At the time the species was utterly tiny and obscure little fungus hidden from the eyes of anyone but dedicated mycologists. When common names for mushrooms were introduced into mycological books, Psilocybe semilanceata was routinely called the liberty cap.
The first such instance was Mordecai Cooke’s 1871 Handbook of British Fungi. It was in 1894 that Cooke released the book Edible as well as Poisonous Mushrooms in which he shrewdly described Psilocybe semilanceata within quotation marks in the form of “cap of liberty” precisely the phrase that was used by Coleridge and it appears that Cooke was intently using to quote. In the 20th century, the name was well-established.
The magic of a mushroom is revealed
The tale could, possibly be over however, it does have an enjoyable conclusion, where it is revealed that the liberty cap mushroom is relegated out of obscurity, being one of the hundreds of harmless LBMs (little mushroom with a brown color) only known by scientists and experts as possibly one of the most well-known European mycological species.

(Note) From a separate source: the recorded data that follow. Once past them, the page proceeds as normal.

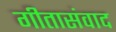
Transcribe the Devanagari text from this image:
गीतासंवाद
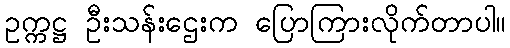
ဥက္ကဋ္ဌ ဦးသန်းဌေးက ပြောကြားလိုက်တာပါ။
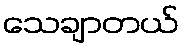
သေချာတယ်
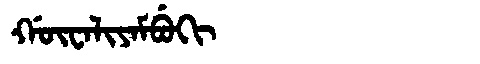
Manchu: ᡤᡡᠸᠠᠯᡳᠶᠠᠮᠪᡠᡴᡳ
Romanization: GŪWALIYAMBUKI
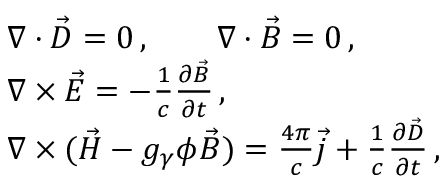
\begin{array} { r l } & { \nabla \cdot \vec { D } = 0 \, , \qquad \nabla \cdot \vec { B } = 0 \, , } \\ & { \nabla \times \vec { E } = - \frac 1 c \frac { \partial \vec { B } } { \partial t } \, , } \\ & { \nabla \times ( \vec { H } - g _ { \gamma } \phi \vec { B } ) = \frac { 4 \pi } { c } \vec { j } + \frac 1 c \frac { \partial \vec { D } } { \partial t } \, , } \end{array}
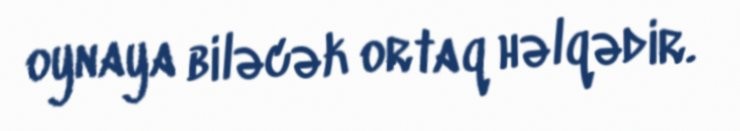
oynaya biləcək ortaq həlqədir.
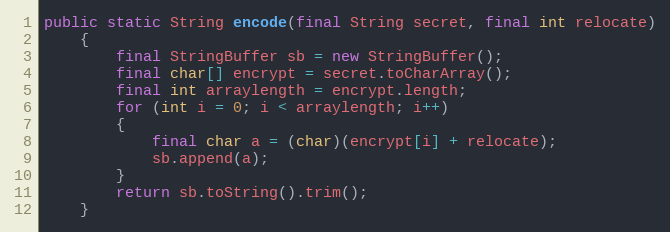
Language: Java
public static String encode(final String secret, final int relocate)
	{
		final StringBuffer sb = new StringBuffer();
		final char[] encrypt = secret.toCharArray();
		final int arraylength = encrypt.length;
		for (int i = 0; i < arraylength; i++)
		{
			final char a = (char)(encrypt[i] + relocate);
			sb.append(a);
		}
		return sb.toString().trim();
	}
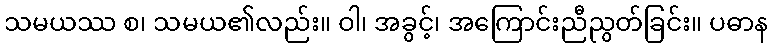
သမယဿ စ၊ သမယ၏လည်း။ ဝါ၊ အခွင့်၊ အကြောင်းညီညွတ်ခြင်း။ ပဓာန
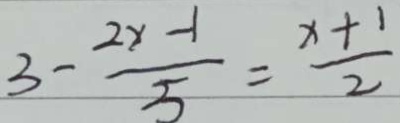
3 - \frac { 2 x - 1 } { 5 } = \frac { x + 1 } { 2 }
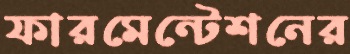
ফারমেন্টেশনের
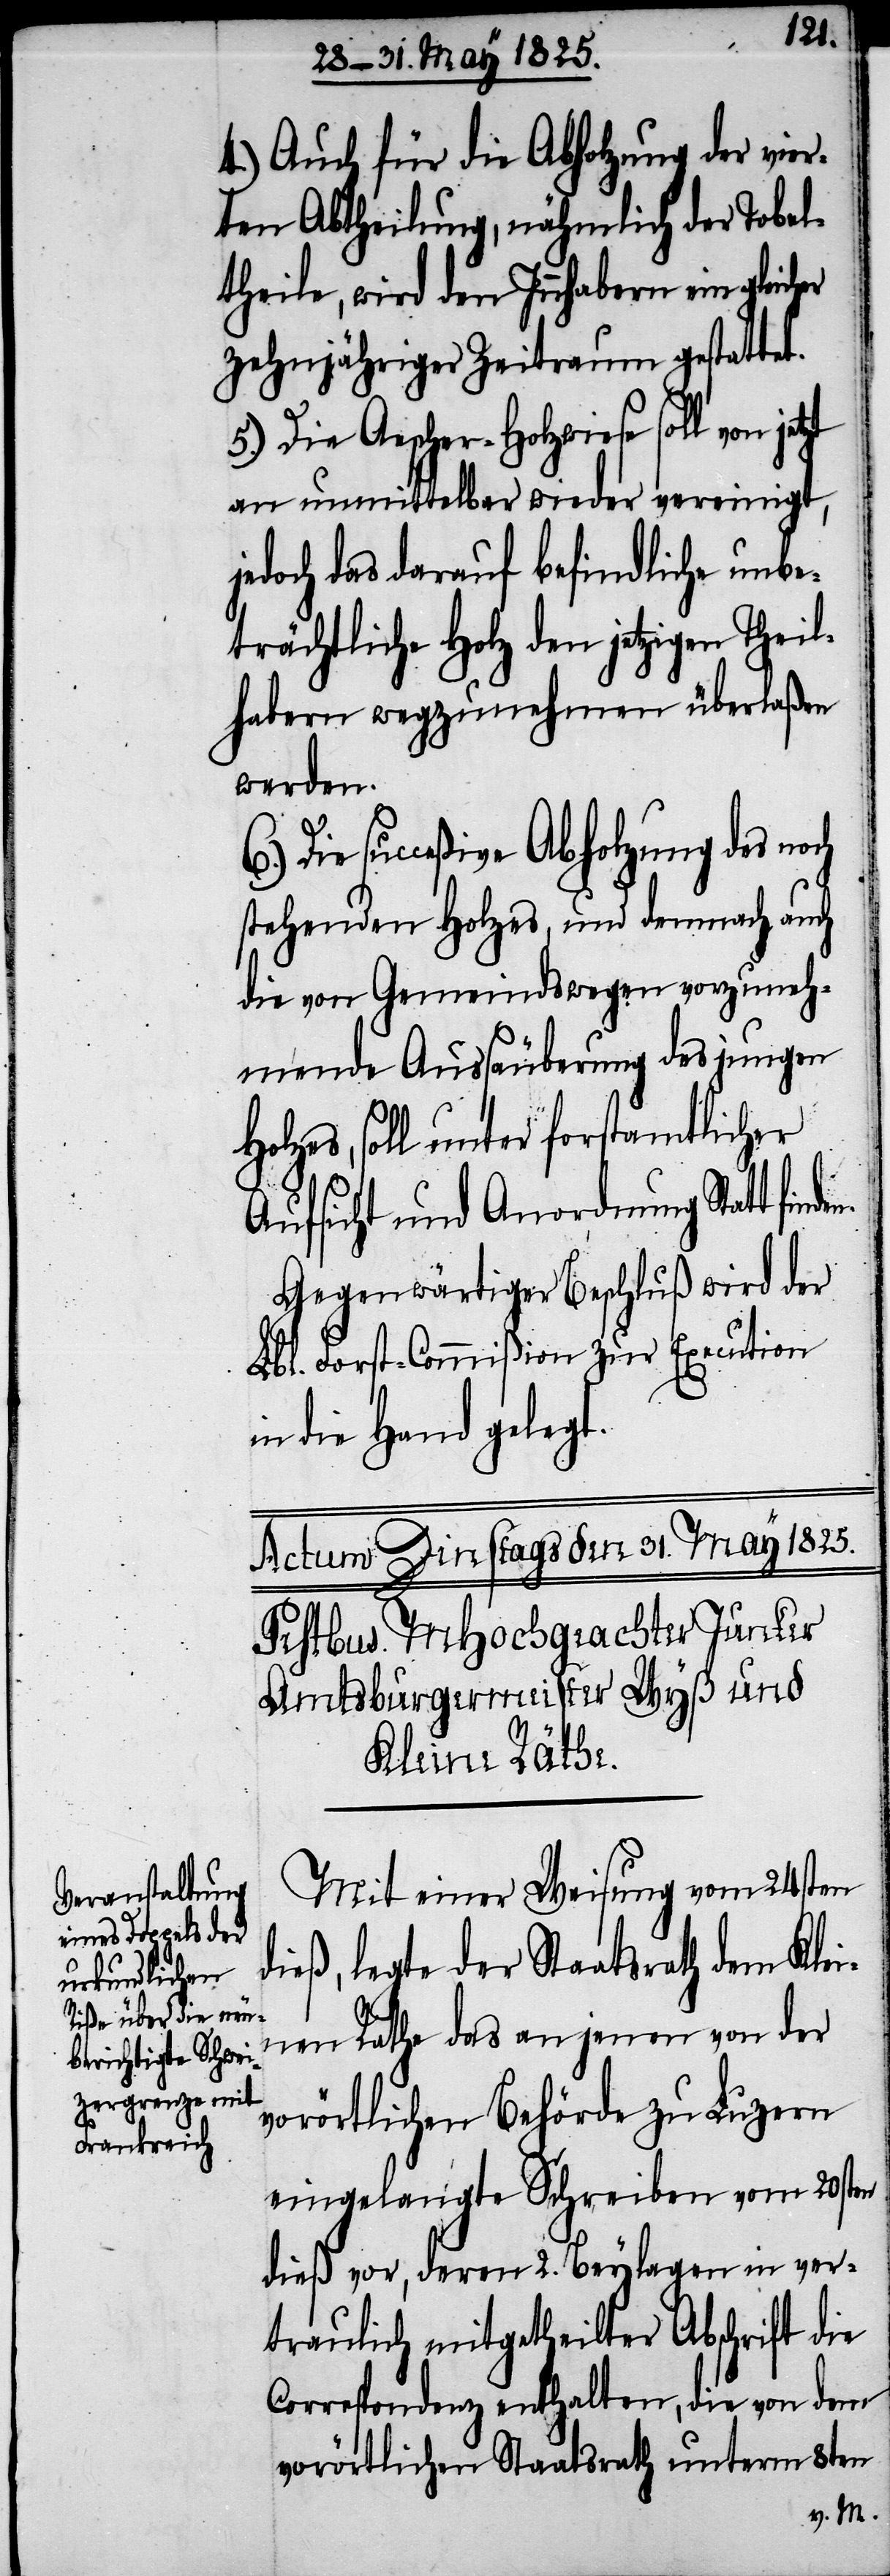
n.
4.) Auch für die Abholzung der vier¬
ten Abtheilung, nähmlich der Tobel¬
theile, wird den Inhabern ein
zehnjähriger Zeitraum gestattet.
5.) Die Aescher-Holzwiese soll von
an unmittelbar wieder vereinigt,
jedoch das darauf befindliche unbe¬
trächtliche Holz den jetzigen Theil¬
habern wegzunehmen überlaßen
werden.
Die succeßive Abholzung des noch
stehenden Holzes, und demnach auch
die von Gemeindswegen vorzuneh¬
mende Aussäuberung des jungen
Holzes, soll unter forstamtlicher
Aufsicht und Anordnung Statt finde¬
Gegenwärtiger Beschluß wird der
Lbl. Forst-Commißion zur Execution
in die Hand gelegt.
Mit einer Weisung vom 24sten
dieß, legte der Staatsrath dem Klei¬
nen Rathe das an jenen von der
vorörtlichen Behörde zu Luzern
eingelangte Schreiben vom 20sten
dieß vor, deren 2. Beylagen in ver¬
traulich mitgetheilter Abschrift die
Correspondenz enthalten, die von dem
vorörtlichen Staatsrath unterm 8ten
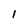
Character: l
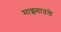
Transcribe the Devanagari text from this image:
माझ्यातले
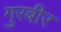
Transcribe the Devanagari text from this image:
गुरबीर
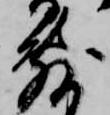
敷
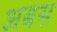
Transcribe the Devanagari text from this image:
अबस
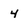
Character: 4
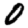
Digit: 0
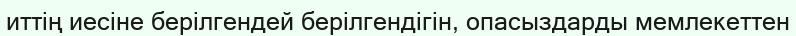
иттің иесіне берілгендей берілгендігін, опасыздарды мемлекеттен
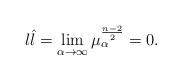
LaTeX: \begin{align*}l\hat{l}=\lim_{\alpha\to\infty}\mu_\alpha^{\frac{n-2}{2}}=0.\end{align*}
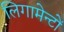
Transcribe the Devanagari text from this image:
लिगामेन्टों
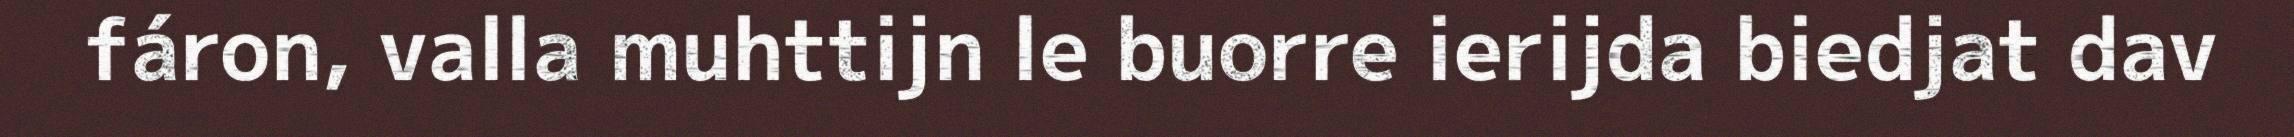
fáron, valla muhttijn le buorre ierijda biedjat dav
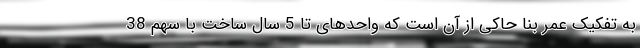
به تفکیک عمر بنا حاکی از آن است که واحدهای تا 5 سال ساخت با سهم 38
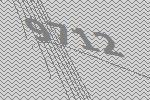
9712

In the writings of Europeans on the traditions and religions of the indigenous peoples in Central America, there existed reports of a mysterious food called by the Aztecs Teonanacatl (“the the divine mushrooms”). These rumours have been dismissed as mythological nonsense that were not worthy of consideration as the shapeshifters from Norse and Icelandic mythology. In the early years of 20th-century the mythical mushroom captured the imagination of a most unlikely person on earth, Robert Gordon Wasson, vice-president of JP Morgan, a Wall Street banking firm JP Morgan.
In the 1920s, Wasson was fascinated by the field of ethnomycology (the study of human-human cultural relationships with mushrooms). Through studies that would result in an enormous bibliography Wasson went to Mexico and, following an extended and frustrating search, finally met an individual who was willing to guide him through the mysteries of the sacred mushroom. He was (perhaps) perhaps the only white man to deliberately consume a hallucinogenic fungus. He published his experiences in the year 1957 in a Life piece, “Seeking the Magic Mushroom”.

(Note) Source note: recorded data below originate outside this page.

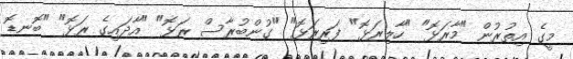
މީގެ އިތުރުން "މާރަޅޮ" "ހާލިރަޅޮ" ފަރިރަޅޮ" "ގުންބުރާސް ރަޅޮ" "އާދައިގެ ރަޅޮ" "ބޮނޑޮ
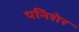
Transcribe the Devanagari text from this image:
पनिशेर
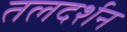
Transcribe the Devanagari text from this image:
तलदर्शन
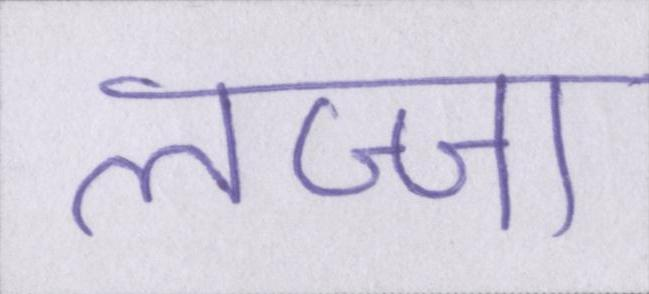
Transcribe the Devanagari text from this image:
लज्जा
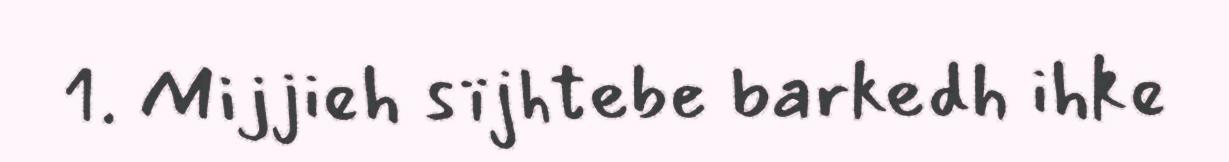
1. Mijjieh sïjhtebe barkedh ihke
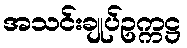
အသင်းချုပ်ဥက္ကဋ္ဌ
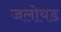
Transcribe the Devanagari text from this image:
जलोयड
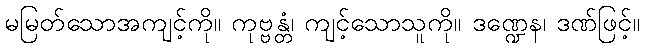
မမြတ်သောအကျင့်ကို။ ကုဗ္ဗန္တံ၊ ကျင့်သောသူကို။ ဒဏ္ဍေန၊ ဒဏ်ဖြင့်။
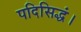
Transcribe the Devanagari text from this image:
पदिसिद्धं।
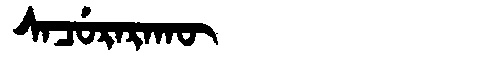
Manchu: ᠰᠠᠴᡠᡵᠠᡵᠠᡴᡡ
Romanization: SACURARAKŪ
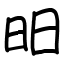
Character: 昍
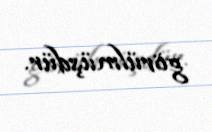
görülmüşdür.
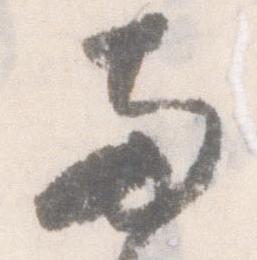
両
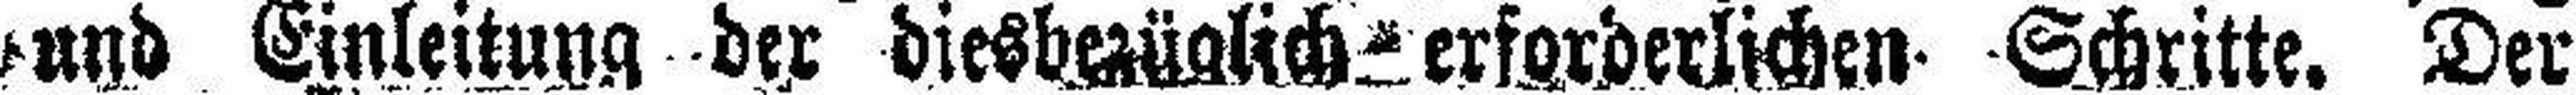
und Einleitung der diesbezüglich erforderlichen Schritte. Der
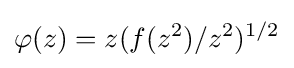
\varphi (z)=z(f(z^{2})/z^{2})^{1/2}
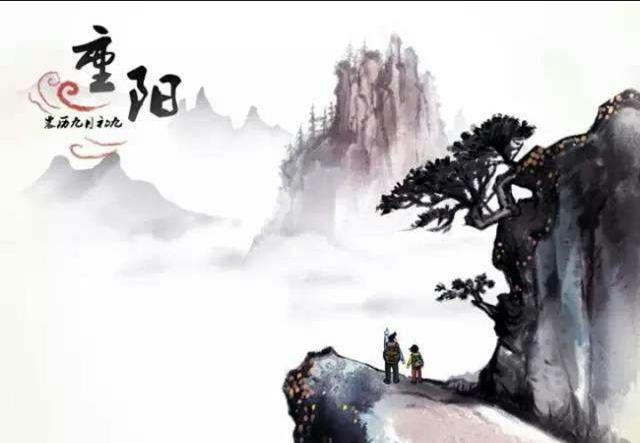
人生易老天难老，岁岁重阳。
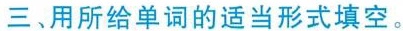
三、用所给单词的适当形式填空。
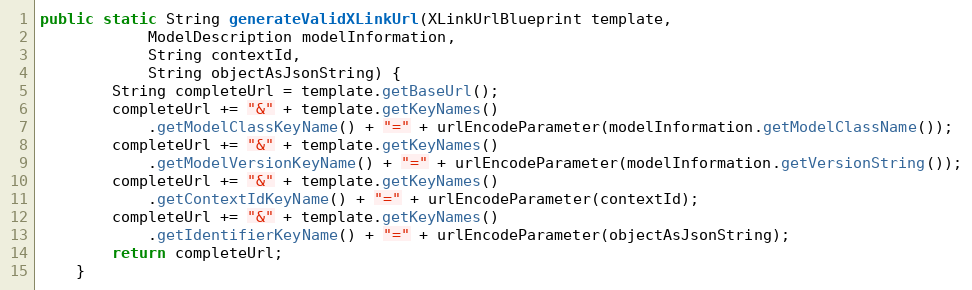
Language: Java
public static String generateValidXLinkUrl(XLinkUrlBlueprint template,
            ModelDescription modelInformation,
            String contextId,
            String objectAsJsonString) {
        String completeUrl = template.getBaseUrl();
        completeUrl += "&" + template.getKeyNames()
            .getModelClassKeyName() + "=" + urlEncodeParameter(modelInformation.getModelClassName());
        completeUrl += "&" + template.getKeyNames()
            .getModelVersionKeyName() + "=" + urlEncodeParameter(modelInformation.getVersionString());
        completeUrl += "&" + template.getKeyNames()
            .getContextIdKeyName() + "=" + urlEncodeParameter(contextId);
        completeUrl += "&" + template.getKeyNames()
            .getIdentifierKeyName() + "=" + urlEncodeParameter(objectAsJsonString);
        return completeUrl;
    }
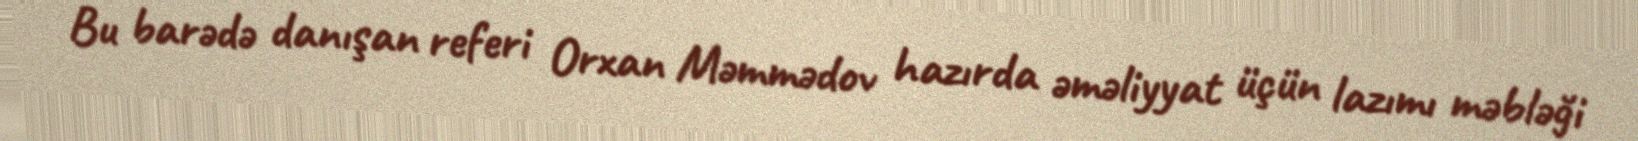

Wasson’s discovery caused an instant sensation. In 1958, a team headed by Swiss chemical scientist Albert Hofmann – the man who was the first to synthesize (and consumed) LSD – was able to determine the principal psychoactive component within the fungi, which was named psilocybin in an homage to being the mushrooms belonging to the genus Psilocybe that had the chemical. While the hallucinogens of different species of fungi are most prevalent throughout Central America, they began to be discovered throughout the world. A 1969 article from Transactions of the British Mycological Society confirmed that no other than the benign small liberty caps mushroom contained psilocybin.

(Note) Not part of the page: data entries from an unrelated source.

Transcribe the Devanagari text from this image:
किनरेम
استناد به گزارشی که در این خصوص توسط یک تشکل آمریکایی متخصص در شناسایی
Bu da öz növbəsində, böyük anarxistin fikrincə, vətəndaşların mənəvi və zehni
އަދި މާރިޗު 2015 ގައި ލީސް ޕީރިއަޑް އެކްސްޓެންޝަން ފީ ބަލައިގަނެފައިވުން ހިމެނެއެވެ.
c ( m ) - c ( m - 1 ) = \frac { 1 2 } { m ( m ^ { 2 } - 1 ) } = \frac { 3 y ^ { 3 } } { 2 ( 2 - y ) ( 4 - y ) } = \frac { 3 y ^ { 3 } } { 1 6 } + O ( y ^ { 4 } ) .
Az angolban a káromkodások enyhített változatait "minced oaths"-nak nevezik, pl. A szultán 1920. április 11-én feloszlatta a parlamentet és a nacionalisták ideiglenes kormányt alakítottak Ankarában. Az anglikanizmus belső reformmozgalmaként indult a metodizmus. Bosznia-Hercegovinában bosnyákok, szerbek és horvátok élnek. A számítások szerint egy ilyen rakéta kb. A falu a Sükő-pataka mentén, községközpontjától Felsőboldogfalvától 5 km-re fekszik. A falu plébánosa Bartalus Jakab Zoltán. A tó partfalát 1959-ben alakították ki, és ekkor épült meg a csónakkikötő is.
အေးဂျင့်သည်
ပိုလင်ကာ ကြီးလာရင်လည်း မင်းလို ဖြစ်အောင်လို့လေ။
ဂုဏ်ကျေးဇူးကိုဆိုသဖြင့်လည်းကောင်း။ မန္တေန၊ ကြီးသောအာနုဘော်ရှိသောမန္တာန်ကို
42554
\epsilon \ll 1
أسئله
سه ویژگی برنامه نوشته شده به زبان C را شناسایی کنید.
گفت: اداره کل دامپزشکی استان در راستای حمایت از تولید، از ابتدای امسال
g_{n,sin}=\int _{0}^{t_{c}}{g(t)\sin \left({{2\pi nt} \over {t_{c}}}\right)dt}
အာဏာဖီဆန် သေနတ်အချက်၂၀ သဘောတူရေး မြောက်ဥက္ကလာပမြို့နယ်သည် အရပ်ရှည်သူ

Although it is true that there exist other psychedelic species which thrive within Britain (including the distinct white and red Amanita fly agaric, a muscaria which is a muscimol-based fungus, and not Psilocybin) The liberty cap has gained an image as the poster child for Britain’s growing psychedelic mushrooms. The current generation of “shroomers” cannot resist playing about the liberty cap’s name due to its connection with that transcendental “liberation” provided by psychedelics as well as grassroots groups like The Shroom Liberation Front attest to this fact.
However, in its origins this liberty cap’s picture is no connection with psychologists or the psychedelic advocates for drugs Timothy Leary (“turn on, tune in, and then quit”) and the counter-culture of the 1960s. More likely, and even a little bizarre it traced a trail through the political revolutions that took place in the early modern age through the assassination of the ruler Julius Caesar, to a conical cap that was worn by Rome’s slaves.